23 Regarding injunctive relief for SEPs subject to FRAND commitments: The committee could not reach unanimous agreement on appropriate venues for adjudicating FRAND disputes. However, a majority of the committee members endorse the following: Majority Recommendation 6:2: SSOs should clarify that disputes over proposed FRAND terms and conditions should be adjudicated at a court, agency, arbitration or other tribunal that can assess the economic value of SEPs and award monetary compensation. (A minority favored the status quo in this regard.)
24 Regarding injunctive relief for SEPs subject to FRAND commitments: The committee also could not reach unanimous agreement on the scope of any limitations that a FRAND commitment might place on SEP holders rights to seek injunctive relief.
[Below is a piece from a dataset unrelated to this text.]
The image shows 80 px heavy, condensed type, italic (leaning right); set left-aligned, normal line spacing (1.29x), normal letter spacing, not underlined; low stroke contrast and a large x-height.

However, a majority of the committee members endorse the following recommendation in that regard: Majority Recommendation 6:3: SSOs should clarify that, before a SEP holder can seek injunctive relief, disputes over proposed FRAND terms and conditions should be adjudicated at a court, agency, arbitration, or other tribunal that allows either party to raise any related claims and defenses (such as validity, enforceability and non-infringement). (A minority favored the status quo in this regard.)
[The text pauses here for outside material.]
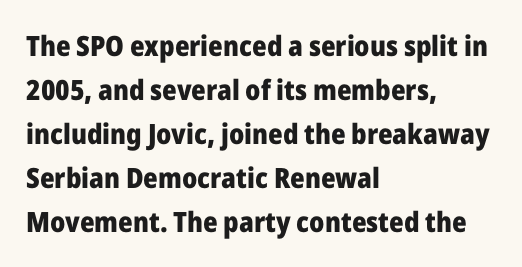
The image shows 28 px heavy sans-serif type, upright; set left-aligned, normal line spacing (1.57x), normal letter spacing, not underlined; low stroke contrast and a medium x-height.

25 Regarding patent office cooperation with SSOs: Recommendation 7:1: In the wake of the passage and implementation of the America Invents Act, the USPTO should: Clarify how the legal definition of prior art varies across jurisdictions, particularly as between the EPO and USPTO. Specifically, when is art publicly available in a standards context? Explore with leading SSOs, including possibly ETSI, IEEE-SA and ITU, information-sharing arrangements similar to those concluded by the EPO; Work with other patent offices to establish uniform fields and templates for standardsbased prior art documents, such as early drafts of specifications, published minutes, and the like and deliberate with other offices on the definition of sharable information in this context; Improve standards technology education for U.S. patent examiners. For example, when standards developers convene in Washington, D.C., they could be asked to instruct and update USPTO examiners about standards processes and recent developments; and Develop joint education programs with SSOs on the pros and cons of standards-based prior art, especially early drafts, and the benefits from including it in patent office search databases.
26 Regarding standard-setting processes in China, Brazil and India: Recommendation 8:1: The U.S. government should explore ways to promote awareness of the importance of developing IPR policies at an early stage of the development of SSOs in these and other emerging economies, and should, in conjunction with non-governmental standards entities, explore ways to offer training programs for those working to develop their organizations and policies needed for successful national standardization. Recommendation 8:2: In the meantime, the relevant agencies of the United States government, such as the United States Patent and Trademark Office, the Office of the United States Trade Representative, and the National Institute of Standards and Technology, should closely monitor and report on continuing developments in these countries and other major emerging economies regarding standard-setting and the management of intellectual property.